ÚLTIMAS NOTICIAS DEL SUR.

Ángels Barceló: La crónica de un viaje, un viaje siempre hacia adelante, siempre hacia el sur. Una expedición planeada por dos amigos, desde Buenos Aires: escritor y chileno uno (Luis Sepúlveda), fotógrafo y argentino el otro (Daniel Mordzinski). Un proyecto de aventura que por su alma tan curiosa quedó reducido, porque todo lo que les surgía en el camino les iba atrapando. Más que un libro de viajes se ha convertido en el testimonio de un mundo que ya no existe: las últimas fotos y voces de un paraíso ya adulterado.

En 1996 comienza el proyecto, pero hasta 2012 no sabemos nada del libro ¿porqué?
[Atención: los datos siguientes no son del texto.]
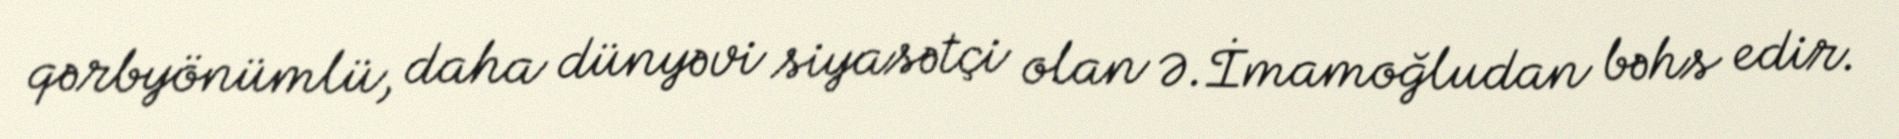
qərbyönümlü, daha dünyəvi siyasətçi olan Ə.İmamoğludan bəhs edir.

Luis Sepúlveda: El libro tiene una historia bastante extraña, como suelen ser las historias de las cosas que ocurren en el sur. En 1996 decidimos unirnos, texto y fotografía, y hacer un viaje para ver si salía un libro. Nos decidimos por La Patagonia, y Daniel, como buen argentino, no la conocía (risas de Daniel). Yo la conocía muy bien. Decidimos lanzarnos con un plan que era el siguiente: todo el tiempo del mundo, sin pasaje de regreso, con una mirada ambiciosa de hacer miles de kilómetros. Pero la realidad nos redujo ese itinerario porque a medida que avanzábamos nos surgía gente que empezaba a contarnos la historia dramática de un sur que estaba cambiando violentamente.  Faltaba algo: era la tónica de como ser escrito. Entonces hicimos un segundo viaje y volvimos con más historias y material, y un tercero en 2001. Al regresar de ese viaje la propia historia me dijo: cuéntame de esta manera, no quiero que me cuentes como un libro de viajes, quiero que me cuentes exactamente como lo hace la gente del sur, que cuando un hombre llega a una pulpería y dice ¿puedo contar una historia?, le dicen, si, pero no la cuentes como un doctor, cuéntalo como un poeta.
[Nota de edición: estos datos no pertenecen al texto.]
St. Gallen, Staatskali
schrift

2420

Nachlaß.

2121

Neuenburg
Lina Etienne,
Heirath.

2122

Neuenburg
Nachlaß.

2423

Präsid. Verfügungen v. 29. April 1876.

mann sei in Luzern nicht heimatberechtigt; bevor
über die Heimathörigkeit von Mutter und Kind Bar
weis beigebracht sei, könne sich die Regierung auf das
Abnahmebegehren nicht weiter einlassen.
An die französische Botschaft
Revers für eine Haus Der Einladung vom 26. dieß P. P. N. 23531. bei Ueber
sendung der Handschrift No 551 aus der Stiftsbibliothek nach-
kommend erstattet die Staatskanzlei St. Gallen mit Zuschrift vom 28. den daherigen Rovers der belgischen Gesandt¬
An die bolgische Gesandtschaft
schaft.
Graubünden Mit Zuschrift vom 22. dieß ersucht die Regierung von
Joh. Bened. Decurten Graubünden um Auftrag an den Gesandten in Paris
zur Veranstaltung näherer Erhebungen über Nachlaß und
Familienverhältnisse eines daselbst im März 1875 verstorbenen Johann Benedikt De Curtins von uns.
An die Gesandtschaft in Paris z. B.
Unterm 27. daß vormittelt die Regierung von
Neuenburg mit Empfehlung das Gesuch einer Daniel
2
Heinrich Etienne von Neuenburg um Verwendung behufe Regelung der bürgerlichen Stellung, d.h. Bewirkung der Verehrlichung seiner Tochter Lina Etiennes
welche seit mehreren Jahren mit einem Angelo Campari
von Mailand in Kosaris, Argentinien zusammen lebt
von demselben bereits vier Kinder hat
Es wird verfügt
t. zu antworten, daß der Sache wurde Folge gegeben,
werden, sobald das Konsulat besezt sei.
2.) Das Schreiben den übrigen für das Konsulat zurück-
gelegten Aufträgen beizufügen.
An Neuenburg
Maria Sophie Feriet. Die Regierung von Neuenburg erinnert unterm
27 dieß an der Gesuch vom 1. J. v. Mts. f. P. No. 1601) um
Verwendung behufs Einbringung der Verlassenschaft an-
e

A.B. Daniel, tu que no habías estado en La Patagonia, ¿Cómo es la gente del sur?

Daniel Mordzinski: No había estado porque es cierto que los porteños tenemos el síndrome ombliguista pero también llevamos en los genes esa terrible dictadura. Yo me fui muy jovencito de Argentina y solo pude regresar y conocer mi propio país después de haber vivido muchos años en Europa.
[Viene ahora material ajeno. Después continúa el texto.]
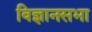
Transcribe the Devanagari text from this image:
विज्ञानसभा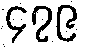
၄၇၉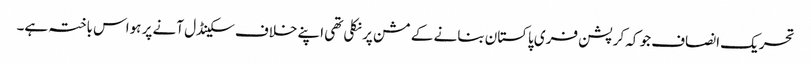
تحریک انصاف جو کہ کرپشن فری پاکستان بنانے کے مشن پر نکلی تھی اپنے خلاف سکینڈل آنے پر ہواس باختہ ہے۔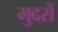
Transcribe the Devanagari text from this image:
मुदरों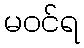
မဝင်ရ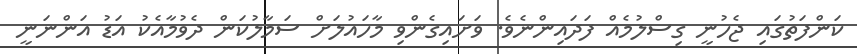
ކަންފަތުގައި ޖެހުނީ ގިސްލުމެއް ފަދައިންނެވެ. ވަށައިގެންވި މާހައުލަށް ސަމާލުކަން ދެވުމާއެކު އަޑު އަންނަނީ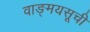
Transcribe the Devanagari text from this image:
वाङ्मयसूची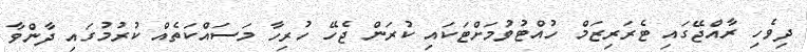
ދިވެހި ރާއްޖޭގައި ޓެރަރިޒަމް ހުއްޓުވުމަށްޓަކައި ކުރަން ޖެހޭ ހުރިހާ މަސައްކަތެއް ކުރުމުގައި ދާންވާ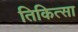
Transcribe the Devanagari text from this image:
तिकित्सा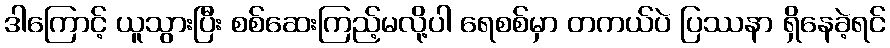
ဒါကြောင့် ယူသွားပြီး စစ်ဆေးကြည့်မလို့ပါ ရေစစ်မှာ တကယ်ပဲ ပြဿနာ ရှိနေခဲ့ရင်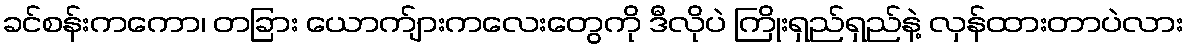
ခင်စန်းကကော၊ တခြား ယောက်ျားကလေးတွေကို ဒီလိုပဲ ကြိုးရှည်ရှည်နဲ့ လှန်ထားတာပဲလား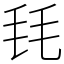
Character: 㲎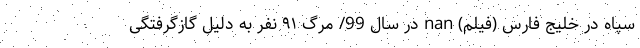
سپاه در خلیج فارس (فیلم) nan در سال 99/ مرگ ۹۱ نفر به دلیل گازگرفتگی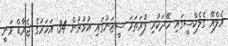
އެލްއޭ ގެލެކްސީގައި ހޭދަކުރި ފުރަތަމަ ސީޒަނުގައި އުމުރުން 34 އަހަރުގެ ޖެރާޑް ވަނީ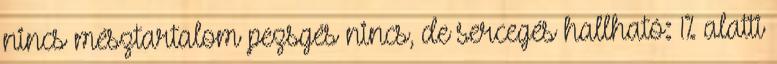
nincs mésztartalom pezsgés nincs, de sercegés hallható: 1% alatti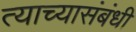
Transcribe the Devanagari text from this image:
त्याच्यासंबंधी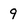
Character: 9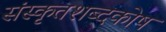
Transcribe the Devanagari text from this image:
संस्कृतशब्दकोष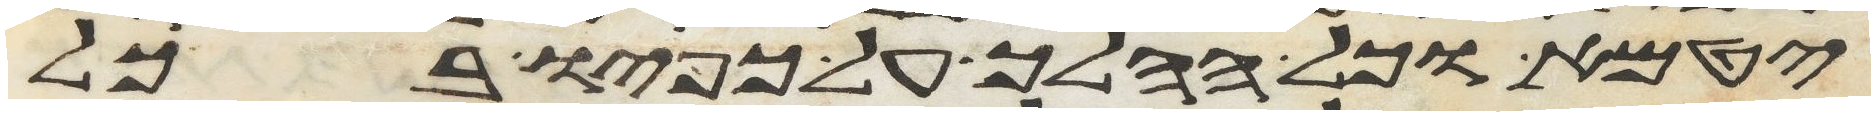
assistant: יטמא וכל ההלך על כפיו בכל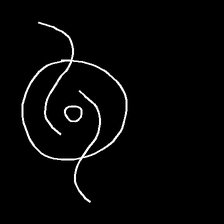
Glyph: repetition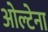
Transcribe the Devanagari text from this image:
ओल्टेना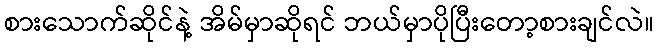
စားသောက်ဆိုင်နဲ့ အိမ်မှာဆိုရင် ဘယ်မှာပိုပြီးတော့စားချင်လဲ။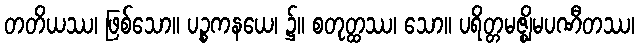
တတိယဿ၊ ဖြစ်သော။ ပဉ္စကနယေ၊ ၌။ စတုတ္ထဿ၊ သော။ ပရိတ္တမဇ္ဈိမပဏီတဿ၊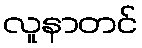
လူနာတင်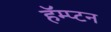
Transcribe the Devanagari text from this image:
हॅम्प्टन

La gente del sur es como el territorio, es gente generosa, hospitalaria, tienen algo del cactus que pincha por fuera y es muy dulce por dentro. Es gente que sabe contar historias porque las ha vivido, pero sobre todo sabe escuchar. Una de las cosas más bonitas que nos han pasado es ser recibidos por una señora con una bellísima bienvenida, nos dijo: "los estaba esperando". Y la segunda pregunta fue: "¿tienen tiempo?".

A.B. ¿Es verdad esa sensación de que se vive como emparedado entre la tierra y el cielo en esa zona del planeta?

L.S.  Es absolutamente riguroso. Primero hay que decir que La Patagonia está dividida por un accidente geográfico que es la cordillera de  Los Andes, que es muy baja en esa región. Digamos que la parte del oeste, la parte chilena, son fiordos y bosques naturales y lagos y ríos y mar e islas; y la parte argentina es una gigantesca estepa. Y en la estepa el cielo siempre se ve tan bajo que tu tienes la sensación que puedes tocarlo con las manos. Pero no te oprime, por el contrario te da esa sensación de que estás en un confín, que hay un momento determinado en que el horizonte es el lugar donde el cielo y la tierra se encuentran. Pero no te da miedo, sino que te dan ganas de seguir avanzando.

A.B. ¿Te permite ver las cosas con mayor claridad?

L.S. Todo destaca con una nitidez mucho mayor. Justamente en la estepa solo hay un hierbajo de tal manera que cualquier cosa que exista destaca de una manera muy curiosa y te enseña todos sus matices. Por eso, y por algunas casualidades, llegamos un día a una casa que nos llamó la atención. Nos llamó la atenciòn porque en la estepa no crecen los árboles que dan frutos: un viento gélido y cruel, que viene del Polo Sur, lo impide. Pero esta casa estaba rodeada de manzanos que tenían manzanas, y perales que tenían peras, y había hortalizas y fresas a ras del suelo. Encontramos a una anciana,  llegamos justo el día que cumplía 96 años de edad. Vivía sola y nos dijo con total naturalidad: "hoy es mi cumpleaños, quédense". Y nos quedamos con ella a celebrarlo. Y mientras Daniel le tomaba unos fotos yo salí revisar aquella huerta y me di cuenta que quizás las rosas tenían los mismos colores que tienen las rosas en otros lugares, pero ahí destacaban de una forma muy singular: todo crecía de una manera  sufrida, se notaba que les había costado mucho, pero algo te indicaba que en nada de lo que había crecido había rencor, era la vida simplemente.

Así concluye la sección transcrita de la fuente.